Lecture on Deep Learning and Nanobody Optimization via Machine Learning 🧬

Introduction and Speaker Background

Speaker: Anirud Venkatramin, Senior at Homestead High School.
Interest Inception: Started in sophomore year with self-studying deep learning applications, particularly in drug discovery.
Current Work: Collaborating with the UCLA Molecular Screening Shared Resource, focusing on nanobody optimization.

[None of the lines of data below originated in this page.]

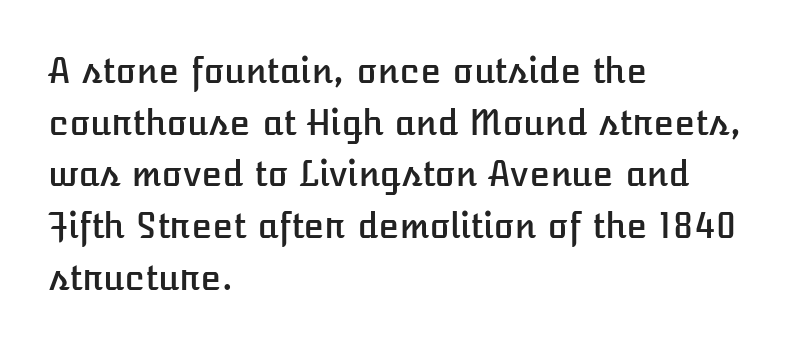
The image shows 34 px text type, upright; set left-aligned, normal line spacing (1.52x), normal letter spacing, not underlined; low stroke contrast and a medium x-height.
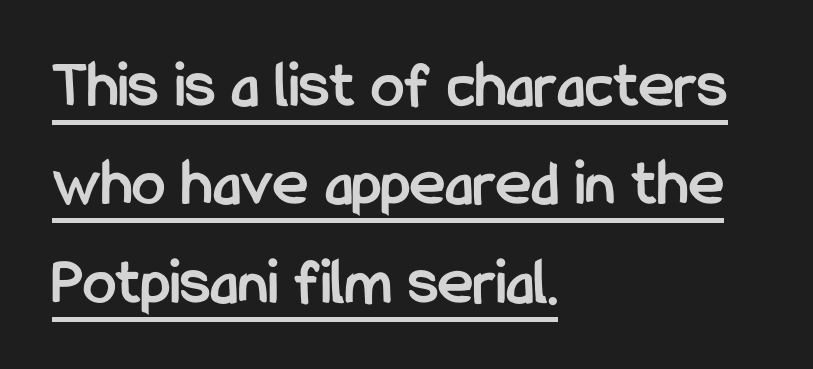
Q: Is the text bold? A: Yes.
Q: Is the text italic (slanted)? A: No, it is upright.
Q: Is the typeface a serif or a sans-serif typeface? A: Sans-serif.
Q: Is the text underlined? A: Yes.
Q: How is the paragraph aligned? A: Left-aligned.
Q: Is the spacing between letters normal or unusually wide? A: Normal.
Q: Is the spacing between lines tight, normal or loose? A: Normal.
Q: Width (condensed, normal, or wide)? A: Condensed.
Q: Stroke contrast? A: Low.
Q: x-height? A: Medium.
Q: Monospaced? A: No.
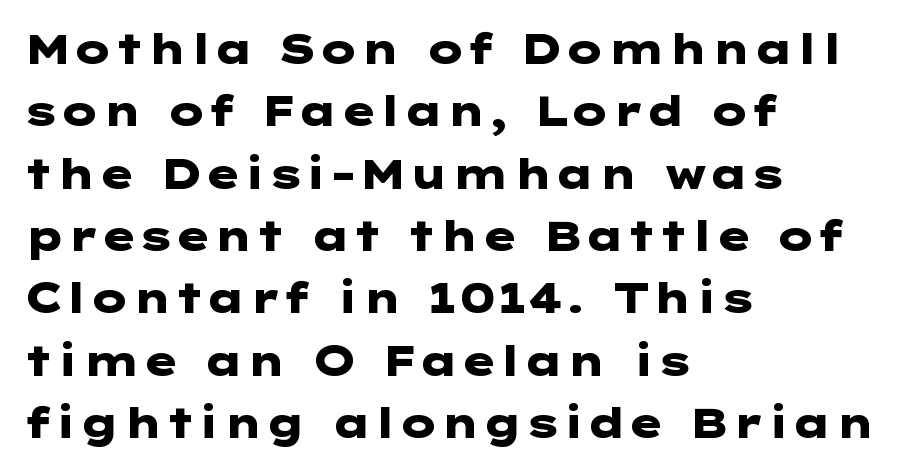
Q: Is the text bold? A: Yes.
Q: Is the text italic (slanted)? A: No, it is upright.
Q: Is the typeface a serif or a sans-serif typeface? A: Sans-serif.
Q: Is the text underlined? A: No.
Q: How is the paragraph aligned? A: Left-aligned.
Q: Is the spacing between letters normal or unusually wide? A: Normal.
Q: Is the spacing between lines tight, normal or loose? A: Normal.
Q: Width (condensed, normal, or wide)? A: Wide.
Q: Stroke contrast? A: Low.
Q: x-height? A: Medium.
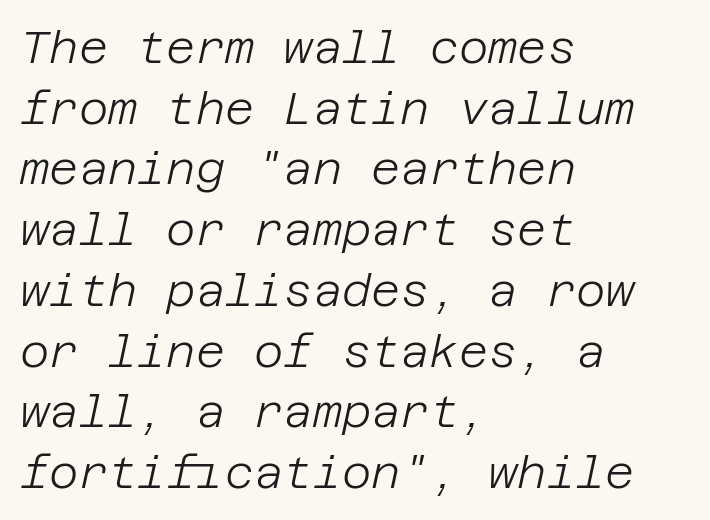
The image shows 45 px light type, italic (leaning right); set left-aligned, normal line spacing (1.35x), normal letter spacing, not underlined; low stroke contrast and a large x-height.

Host Organization: San Francisco Bay Area ACM, established in 1957.
Mission: Promote knowledge of modern computing and create a community for support, networking, and hiring.
Upcoming Events: Workshops and talks on topics such as computer vision, VR training, and securing data.

Definition: Antibody fragments that imitate human immune responses, typically produced by camels and sharks.
Advantages: Rarely have toxic side effects, can cross the blood-brain barrier, promising in treating diseases like Alzheimer’s, Parkinson’s, and Huntington’s.
Challenge: Identifying optimal nanobodies, traditionally a time-consuming lab process.
Solution: Computational predictions and optimization pipeline using machine learning.

Graph Neural Networks (GNN): Employed for sequence-structure co-design, ensured the generation of biologically plausible CDR3 sequences.
Neural Network Architectures: Included artificial neural networks, convolutional neural networks, and LSTM RNNs.
Stacked Ensemble Model: Combined predictions from multiple neural network models to improve binding affinity predictions.

Training Data: 60,000 CDR3 sequences and their binding affinities used for model training.
One-Hot Encoding: CDR3 sequences represented in a uniform 20x20 matrix format suitable for neural network input.

Generational Approach: Generated new CDR3 sequences, filtered by binding affinity, and used high-affinity sequences to re-parameterize the model iteratively.
Ensemble Algorithm (Ensemble Stack): Predicted binding affinities of generated sequences and refined the generational model.
Physical and Binding Affinity Prediction: Used dihedral angles, distances, and orientation features to predict structural and binding properties.

Metrics: Pearson correlation of 0.88, R² of 0.78, indicating high predictive accuracy.
Comparison: Outperformed previous non-stacked models in prediction accuracy for binding affinities.

Novelty Measurement: Higher Levenshtein distance from training data (average of 13), indicating generation of novel sequences.
Biological Testing: Synthesized a high-affinity nanobody, confirmed binding despite not surpassing specially designed controls.

Focus Areas: Enhancing physical modeling of protein structures for better binding affinity predictions.
Data Augmentation: Addressing false negatives through more comprehensive data augmentation and acquiring additional data.

Impact: Developed a comprehensive pipeline for nanobody generation and optimization, achieving high accuracy and novelty in predictions.
Acknowledgments: Recognized the support from ACM and the UCLA Molecular Screening Shared Resource, and highlighted the importance of community and collaborative efforts in advancing research.

List of literature and tools referenced during the research and presentation.

GitHub Repository: Provided link to the project’s GitHub repository for further exploration and replication.

Training and Testing Splits: Followed pre-defined splits in literature for consistent comparison.
Metrics of Success: Discussed methodologies for evaluating binding affinity predictions and biological validation.
Audience Interaction: Addressed questions on methodology intricacies and future research directions.